知るべきことは知れたことで、穏慈も薫も、業壺を探していた時とは違い、速度を上げることもなく、俺たちに言葉をかけながら進んでいった。
『今更だが、今は何ともないのか? 中の力が出てくることなども含めてだが』
「ああ……うん、すっごく居やすい。でも……」
「何? 何かある?」
穏慈でも薫でもない、ラオが、俺の様子を窺ってくる。
あれから、ラオは詳しい話を聞いてこない。俺から話すのを、待っているのかもしれない。これまでに一緒にいた間に、何度もラオの優しさに助けられているのだから、今更そこに触れるまでもない。
だから、話すとすれば、今しかないと。何となくそう感じた。
「ラオ……は、さ」
「うん」
俺の行動の理由に。自身にかかるであろう、負荷に───気付いているのか?
「〈暗黒者-デッド-〉が言っていたこと……どう思う?」
他の術など、探すだけ無駄かもしれない。絶望を感じる俺を、どう支えようとしているのか。
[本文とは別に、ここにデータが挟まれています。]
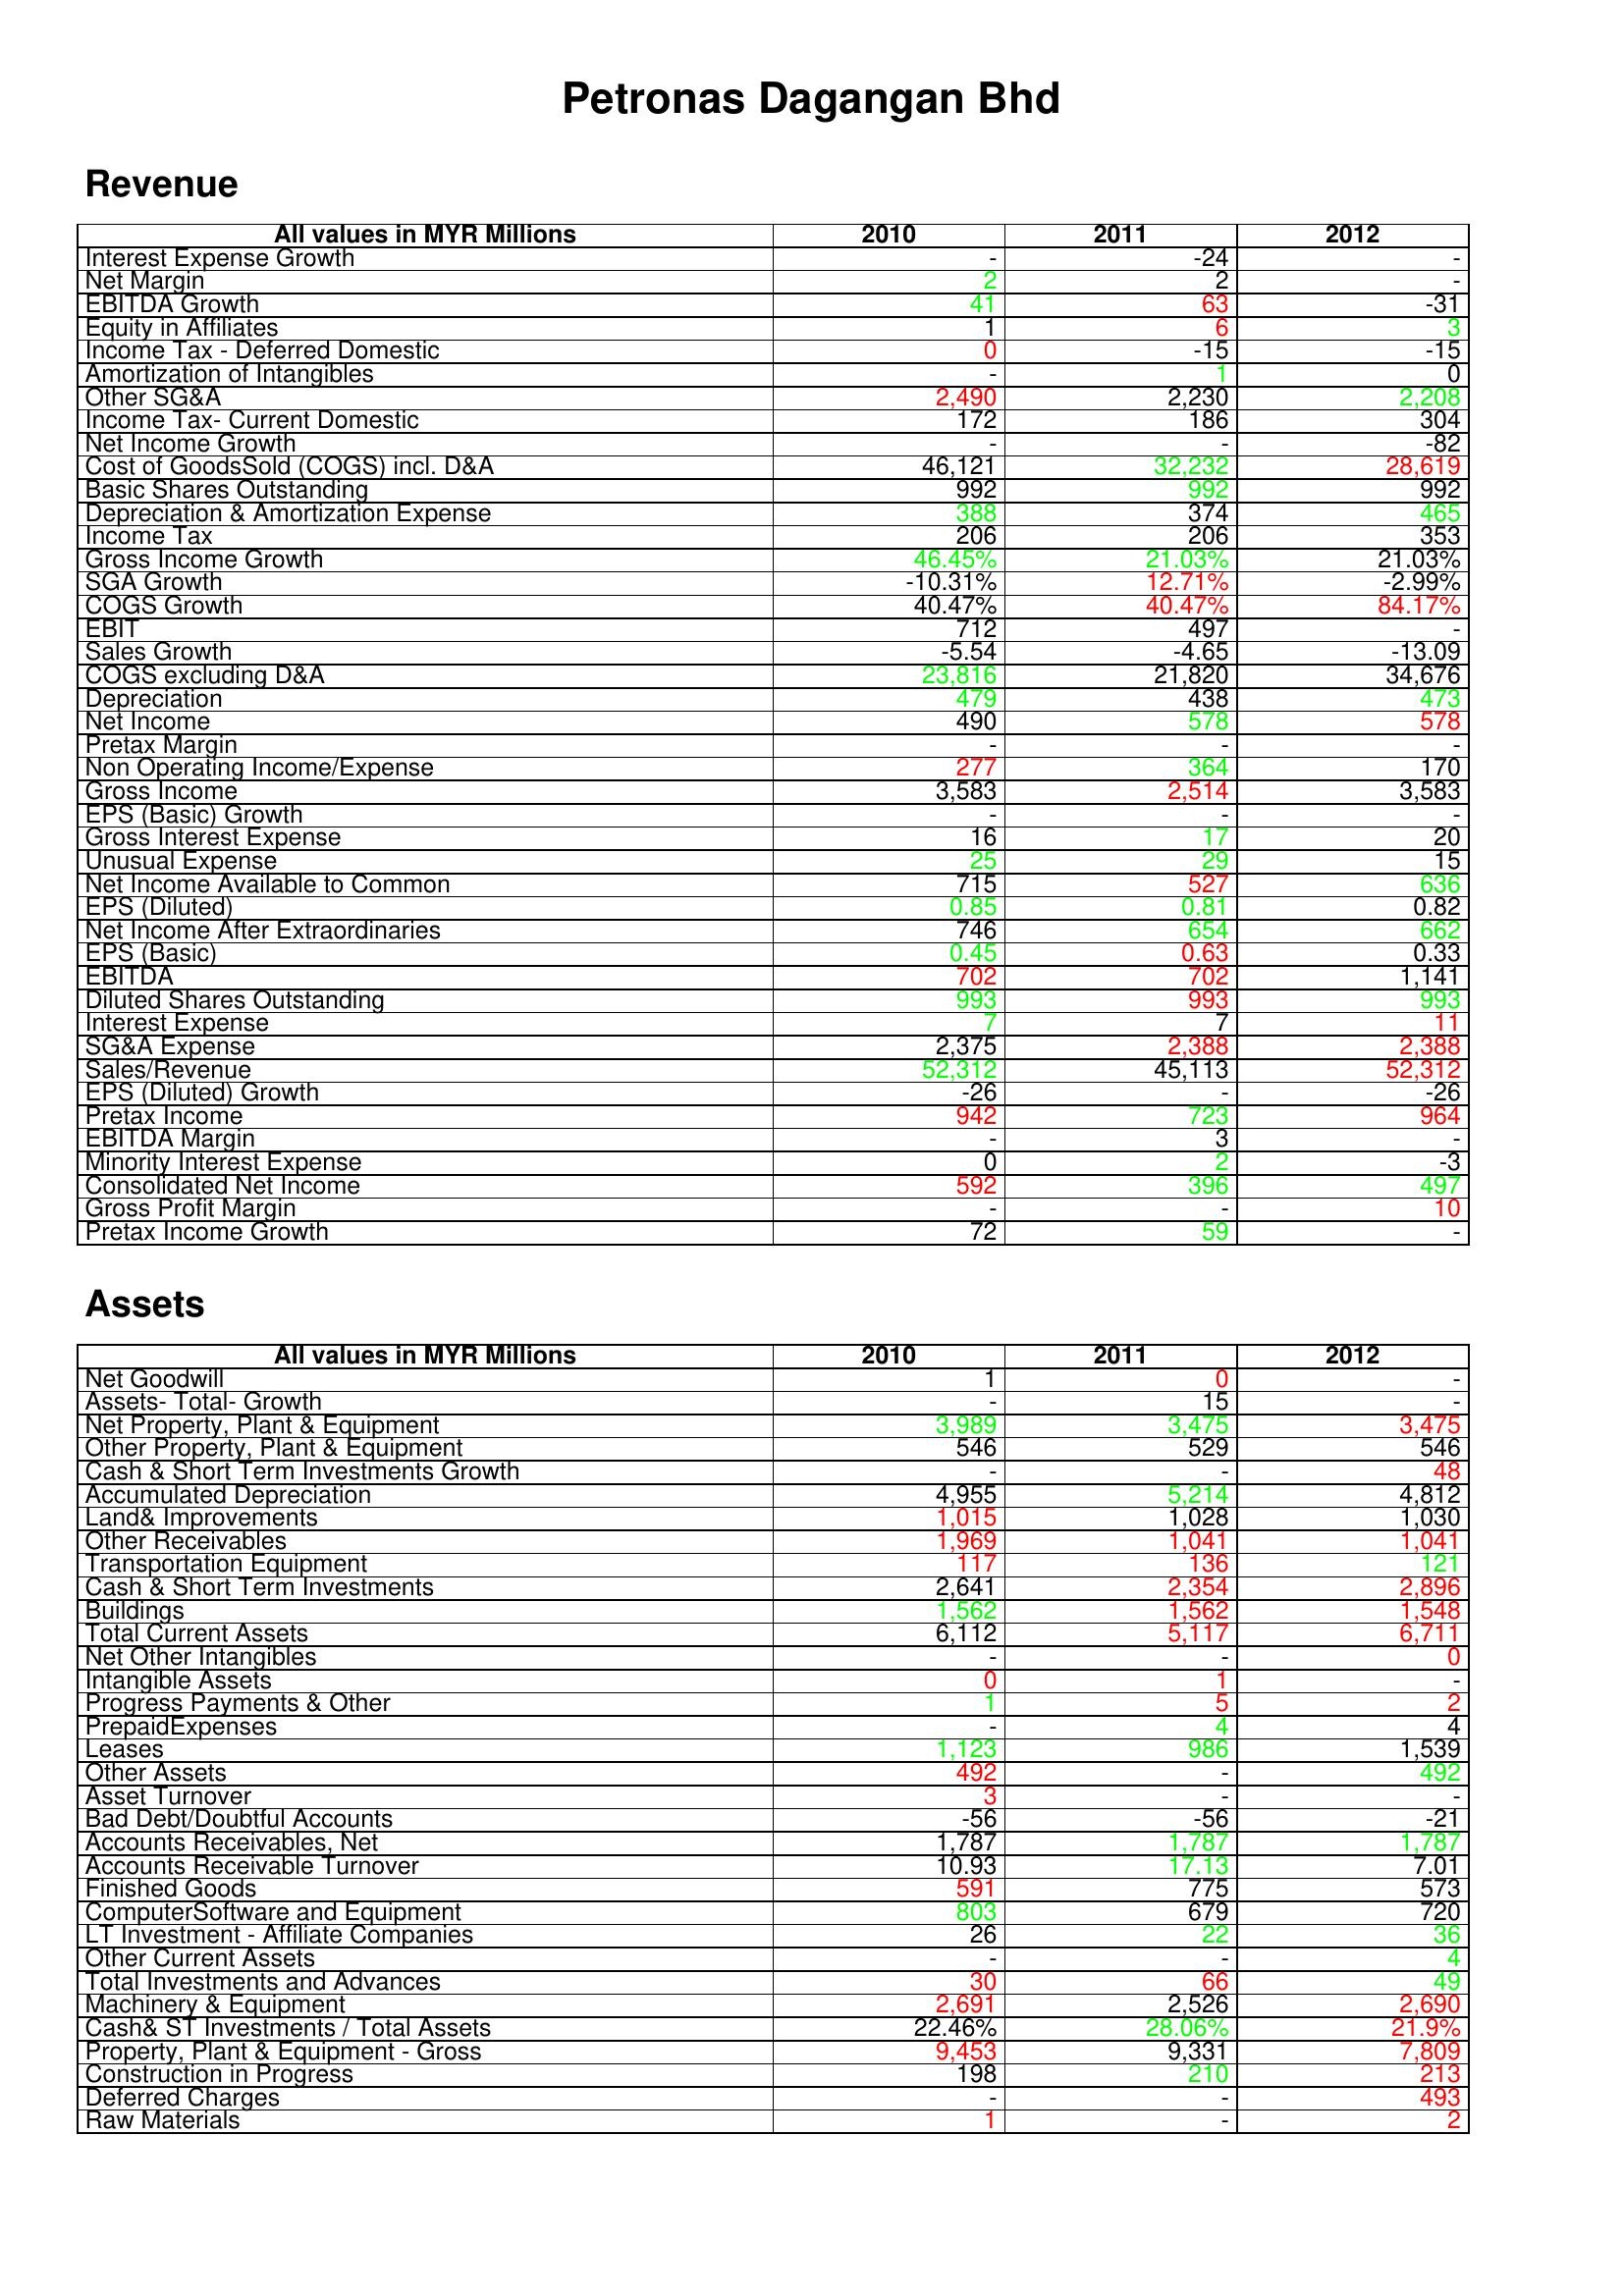
gt_parse: 2010: Revenue: Interest Expense Growth: -
Net Margin: 2
EBITDA Growth: 41
Equity in Affiliates: 1
Income Tax - Deferred Domestic: 0
Amortization of Intangibles: -
Other SG&A: 2,490
Income Tax- Current Domestic: 172
Net Income Growth: -
Cost of GoodsSold (COGS) incl. D&A: 46,121
Basic Shares Outstanding: 992
Depreciation & Amortization Expense: 388
Income Tax: 206
Gross Income Growth: 46.45%
SGA Growth: -10.31%
COGS Growth: 40.47%
EBIT: 712
Sales Growth: -5.54
COGS excluding D&A: 23,816
Depreciation: 479
Net Income: 490
Pretax Margin: -
Non Operating Income/Expense: 277
Gross Income: 3,583
EPS (Basic) Growth: -
Gross Interest Expense: 16
Unusual Expense: 25
Net Income Available to Common: 715
EPS (Diluted): 0.85
Net Income After Extraordinaries: 746
EPS (Basic): 0.45
EBITDA: 702
Diluted Shares Outstanding: 993
Interest Expense: 7
SG&A Expense: 2,375
Sales/Revenue: 52,312
EPS (Diluted) Growth: -26
Pretax Income: 942
EBITDA Margin: -
Minority Interest Expense: 0
Consolidated Net Income: 592
Gross Profit Margin: -
Pretax Income Growth: 72
Assets: Net Goodwill: 1
Assets- Total- Growth: -
Net Property, Plant & Equipment: 3,989
Other Property, Plant & Equipment: 546
Cash & Short Term Investments Growth: -
Accumulated Depreciation: 4,955
Land& Improvements: 1,015
Other Receivables: 1,969
Transportation Equipment: 117
Cash & Short Term Investments: 2,641
Buildings: 1,562
Total Current Assets: 6,112
Net Other Intangibles: -
Intangible Assets: 0
Progress Payments & Other: 1
PrepaidExpenses: -
Leases: 1,123
Other Assets: 492
Asset Turnover: 3
Bad Debt/Doubtful Accounts: -56
Accounts Receivables, Net: 1,787
Accounts Receivable Turnover: 10.93
Finished Goods: 591
ComputerSoftware and Equipment: 803
LT Investment - Affiliate Companies: 26
Other Current Assets: -
Total Investments and Advances: 30
Machinery & Equipment: 2,691
Cash& ST Investments / Total Assets: 22.46%
Property, Plant & Equipment - Gross : 9,453
Construction in Progress: 198
Deferred Charges: -
Raw Materials: 1
2011: Revenue: Interest Expense Growth: -24
Net Margin: 2
EBITDA Growth: 63
Equity in Affiliates: 6
Income Tax - Deferred Domestic: -15
Amortization of Intangibles: 1
Other SG&A: 2,230
Income Tax- Current Domestic: 186
Net Income Growth: -
Cost of GoodsSold (COGS) incl. D&A: 32,232
Basic Shares Outstanding: 992
Depreciation & Amortization Expense: 374
Income Tax: 206
Gross Income Growth: 21.03%
SGA Growth: 12.71%
COGS Growth: 40.47%
EBIT: 497
Sales Growth: -4.65
COGS excluding D&A: 21,820
Depreciation: 438
Net Income: 578
Pretax Margin: -
Non Operating Income/Expense: 364
Gross Income: 2,514
EPS (Basic) Growth: -
Gross Interest Expense: 17
Unusual Expense: 29
Net Income Available to Common: 527
EPS (Diluted): 0.81
Net Income After Extraordinaries: 654
EPS (Basic): 0.63
EBITDA: 702
Diluted Shares Outstanding: 993
Interest Expense: 7
SG&A Expense: 2,388
Sales/Revenue: 45,113
EPS (Diluted) Growth: -
Pretax Income: 723
EBITDA Margin: 3
Minority Interest Expense: 2
Consolidated Net Income: 396
Gross Profit Margin: -
Pretax Income Growth: 59
Assets: Net Goodwill: 0
Assets- Total- Growth: 15
Net Property, Plant & Equipment: 3,475
Other Property, Plant & Equipment: 529
Cash & Short Term Investments Growth: -
Accumulated Depreciation: 5,214
Land& Improvements: 1,028
Other Receivables: 1,041
Transportation Equipment: 136
Cash & Short Term Investments: 2,354
Buildings: 1,562
Total Current Assets: 5,117
Net Other Intangibles: -
Intangible Assets: 1
Progress Payments & Other: 5
PrepaidExpenses: 4
Leases: 986
Other Assets: -
Asset Turnover: -
Bad Debt/Doubtful Accounts: -56
Accounts Receivables, Net: 1,787
Accounts Receivable Turnover: 17.13
Finished Goods: 775
ComputerSoftware and Equipment: 679
LT Investment - Affiliate Companies: 22
Other Current Assets: -
Total Investments and Advances: 66
Machinery & Equipment: 2,526
Cash& ST Investments / Total Assets: 28.06%
Property, Plant & Equipment - Gross : 9,331
Construction in Progress: 210
Deferred Charges: -
Raw Materials: -
2012: Revenue: Interest Expense Growth: -
Net Margin: -
EBITDA Growth: -31
Equity in Affiliates: 3
Income Tax - Deferred Domestic: -15
Amortization of Intangibles: 0
Other SG&A: 2,208
Income Tax- Current Domestic: 304
Net Income Growth: -82
Cost of GoodsSold (COGS) incl. D&A: 28,619
Basic Shares Outstanding: 992
Depreciation & Amortization Expense: 465
Income Tax: 353
Gross Income Growth: 21.03%
SGA Growth: -2.99%
COGS Growth: 84.17%
EBIT: -
Sales Growth: -13.09
COGS excluding D&A: 34,676
Depreciation: 473
Net Income: 578
Pretax Margin: -
Non Operating Income/Expense: 170
Gross Income: 3,583
EPS (Basic) Growth: -
Gross Interest Expense: 20
Unusual Expense: 15
Net Income Available to Common: 636
EPS (Diluted): 0.82
Net Income After Extraordinaries: 662
EPS (Basic): 0.33
EBITDA: 1,141
Diluted Shares Outstanding: 993
Interest Expense: 11
SG&A Expense: 2,388
Sales/Revenue: 52,312
EPS (Diluted) Growth: -26
Pretax Income: 964
EBITDA Margin: -
Minority Interest Expense: -3
Consolidated Net Income: 497
Gross Profit Margin: 10
Pretax Income Growth: -
Assets: Net Goodwill: -
Assets- Total- Growth: -
Net Property, Plant & Equipment: 3,475
Other Property, Plant & Equipment: 546
Cash & Short Term Investments Growth: 48
Accumulated Depreciation: 4,812
Land& Improvements: 1,030
Other Receivables: 1,041
Transportation Equipment: 121
Cash & Short Term Investments: 2,896
Buildings: 1,548
Total Current Assets: 6,711
Net Other Intangibles: 0
Intangible Assets: -
Progress Payments & Other: 2
PrepaidExpenses: 4
Leases: 1,539
Other Assets: 492
Asset Turnover: -
Bad Debt/Doubtful Accounts: -21
Accounts Receivables, Net: 1,787
Accounts Receivable Turnover: 7.01
Finished Goods: 573
ComputerSoftware and Equipment: 720
LT Investment - Affiliate Companies: 36
Other Current Assets: 4
Total Investments and Advances: 49
Machinery & Equipment: 2,690
Cash& ST Investments / Total Assets: 21.9%
Property, Plant & Equipment - Gross : 7,809
Construction in Progress: 213
Deferred Charges: 493
Raw Materials: 2

「……分かるよ、ザイが言いたいこと。俺もバカじゃない。そうだよね。そうじゃなきゃ、あんなに暴れないよね」
「でも、俺」
「どうなるかなんて、本当の意味では考えてもいなかった。どちらかの力がどちらかに移る。どちらかが戻るんじゃない。本体に戻るために……俺が、消えないといけない。そういうことでしょ?」
言葉に詰まる。友人自身の死の大きな可能性は、俺が思っていただけではない。ラオも、それなりに考えて、行きついていた。
胸が締め付けられる思いで、聞いてしまったことを後悔した。
『しかし、……今から諦めてどうする』
『私の主だぞ。それでも貴様は死なねばならんのか。胸糞の悪い……そんな戯言は聞かんぞ』
それでも、全てを潰してしまわないように、俺たちを守ってくれる怪異が、力強い言葉で俺たちを支援する。それが、嬉しいようで、無理強いのようで、苦しくなった。
「ザイだって、それが嫌でああなったんだろ? 俺は、お前らを放り投げていなくなるつもりはないよ。それが見えたからって、それに縛られるほど弱いつもりもない。俺は俺なりに抗うし、これまで通り、俺はザイとウィンを、守るつもりだから。……それじゃあ、ザイは苦しいままなの?」
俺が一人で悩んでいたのが、バカらしい。ラオが俺に事情を聞かなかったのは、そこまでの意思を固めていたからだったようだ。
「……ううん。ごめん、こんなこと考えるから、ラオに心配ばっかかけ……」
「それでいいんだよ。お前とウィンの力になれてるなら。……あー、いや、今はザイだけか。苦しいなら、いくらでも分けてよ。俺たちの仲でしょ」
俺の涙腺を崩壊させるつもりかと、内心かなり熱くなっていた。
反面、ラオの相変わらずの人の好さに、思わず笑いがこぼれていた。